Should ranolazine be used for all patients with ischemic heart disease or only for symptomatic patients with stable angina or for those with refractory angina pectoris? A critical appraisal

, MD MRCP FRCPC FACC FAHA
Pages 2555-2563 | Published online: 02 Nov 2012
 

Abstract

Introduction: Ranolazine is a novel antianginal and anti-ischemic agent, that, unlike other available antianginal drugs in the United States (beta-blockers, organic nitrates, and calcium channel blockers), has no significant effect on either heart rate or blood pressure. Its exact mechanism of action is unknown. Ranolazine does increase electrocardiographic QTc interval in a dose-related manner, but at therapeutic doses it has no proarrhythmic effects. Ranolazine (ER) at doses of 500 and 1,000 mg twice daily is currently approved for the treatment of angina pectoris either as monotherapy or added to beta-blockers, nitrates, and calcium channel blockers. Ranolazine (ER) is currently not approved for the treatment of unstable angina, silent ischemia, or cardiac arrhythmias. The most common adverse effects reported in clinical trials during ranolazine (ER) treatment are dizziness, headaches, constipation, and nausea.
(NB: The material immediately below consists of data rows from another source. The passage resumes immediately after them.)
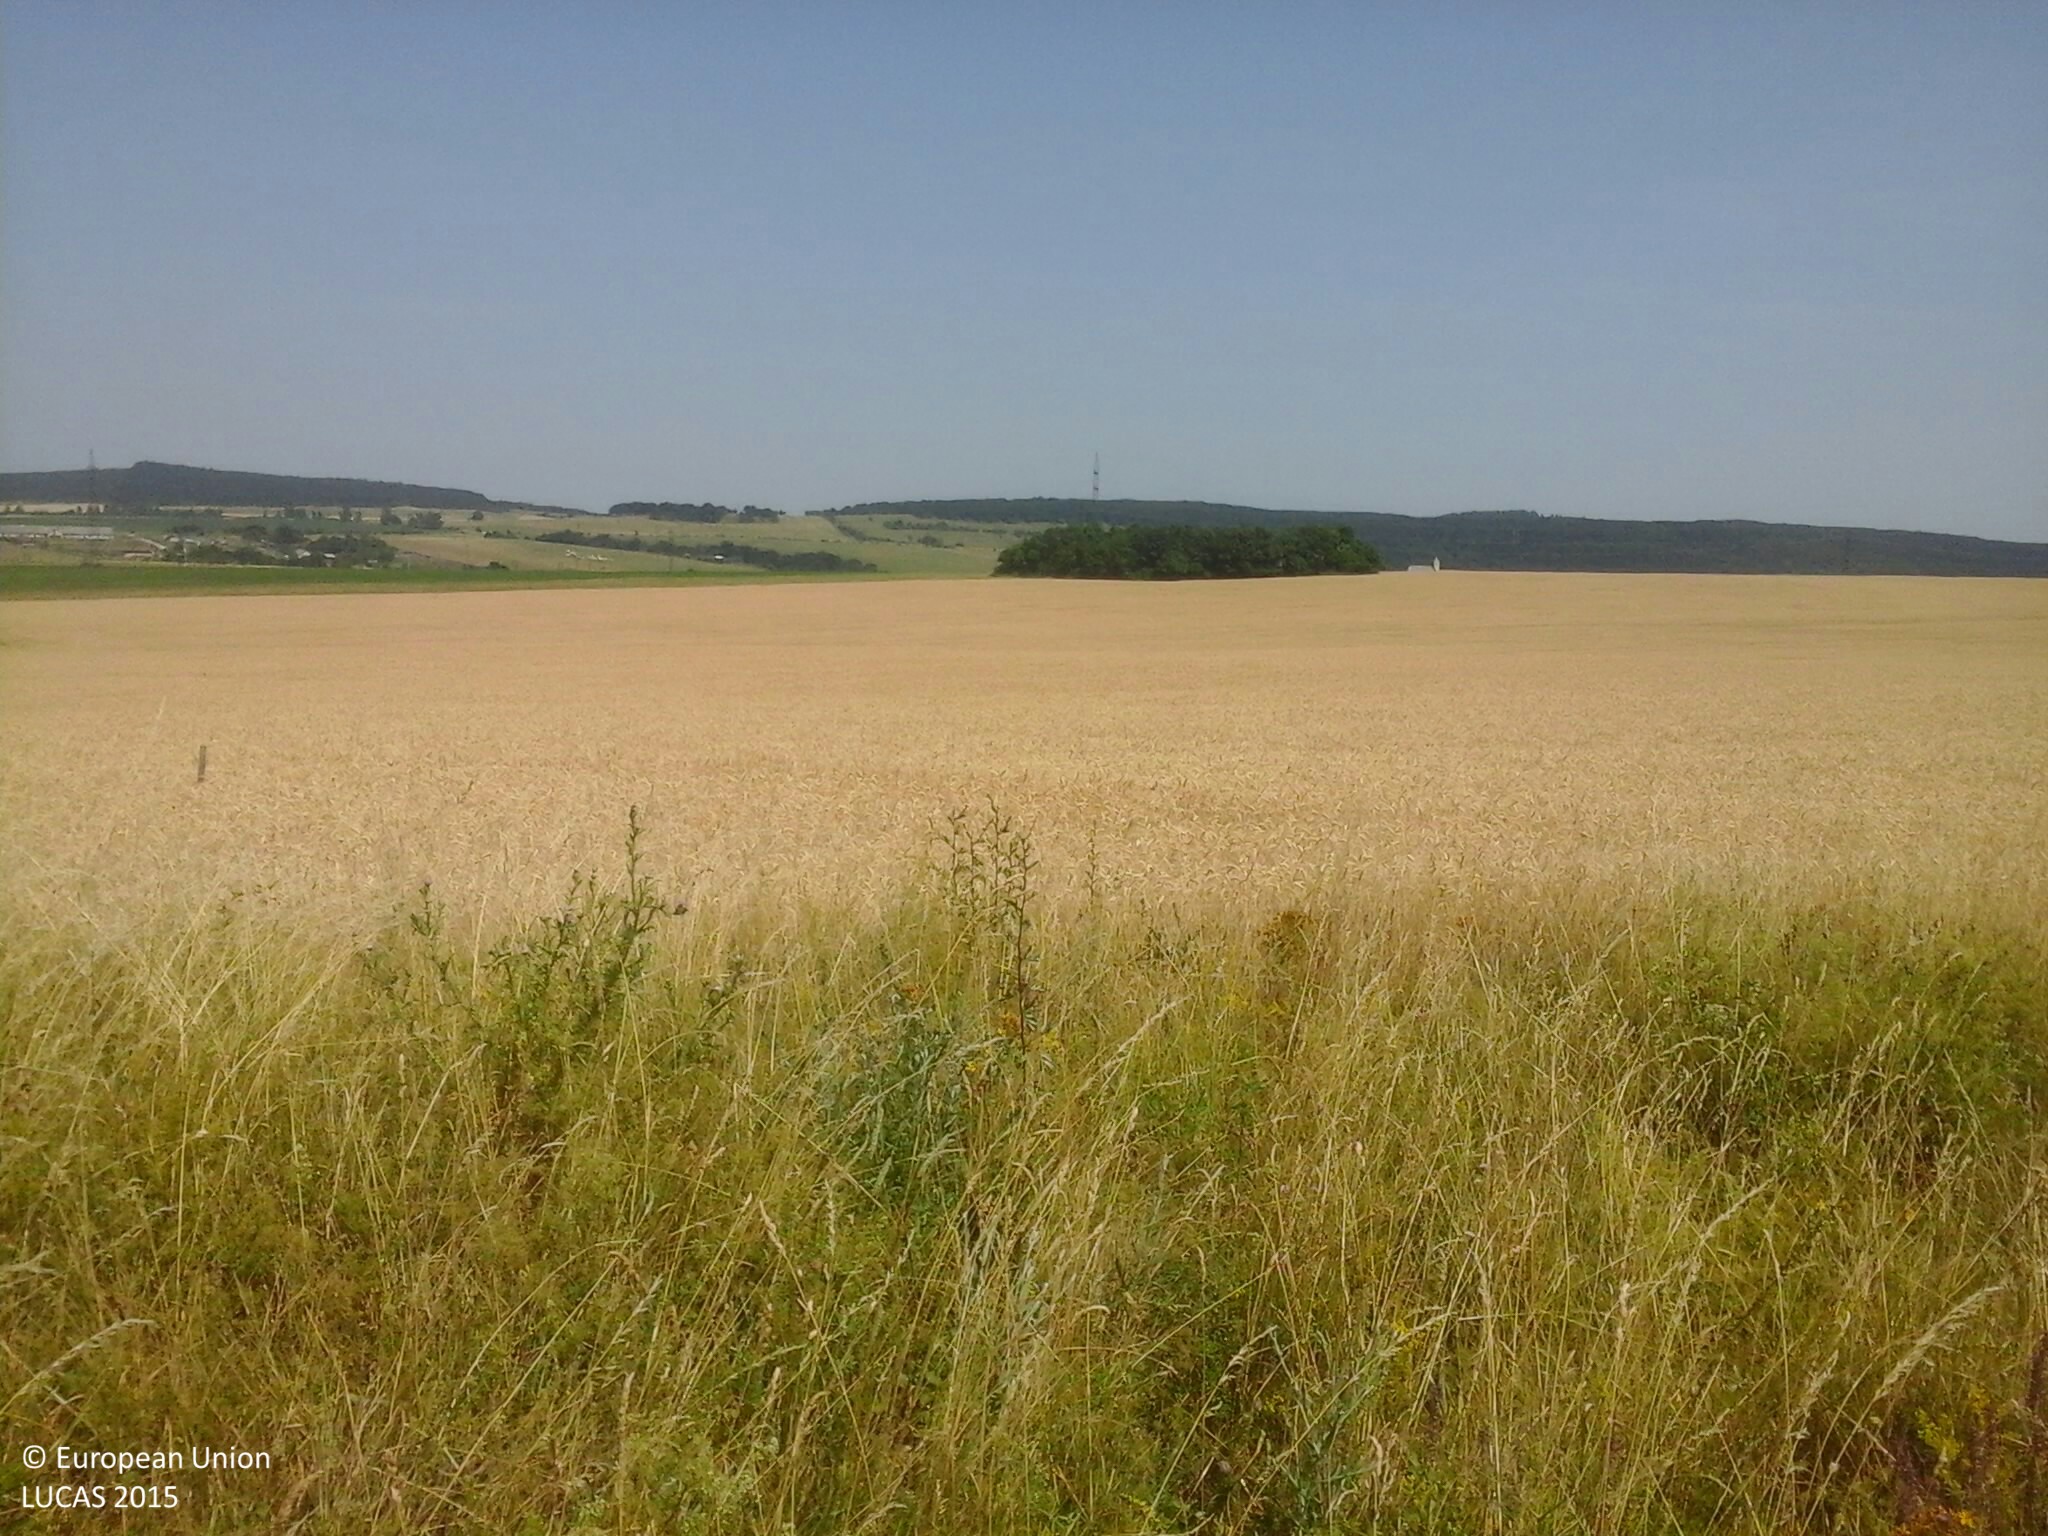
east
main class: Grassland
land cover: Grassland with sparse tree/shrub cover
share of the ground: > 75 %
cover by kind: herbaceous plants 90 %, broadleaved forest trees 5 %, shrubs 5 %
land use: Agriculture (excluding fallow land and kitchen gardens)
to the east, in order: Grassland with sparse tree/shrub cover; Common wheat
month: July
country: HU
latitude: 47.0062
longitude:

Areas covered: Recent changes in ranolazine (ER) labeling have led to its increased use for treating patients with ischemic heart disease. This review addresses its appropriate use. All publications were reviewed and those relevant were included.

Expert opinion: Ranolazine (ER) is an effective antianginal and anti-ischemic agent, but I restrict its use to treat patients with stable angina pectoris.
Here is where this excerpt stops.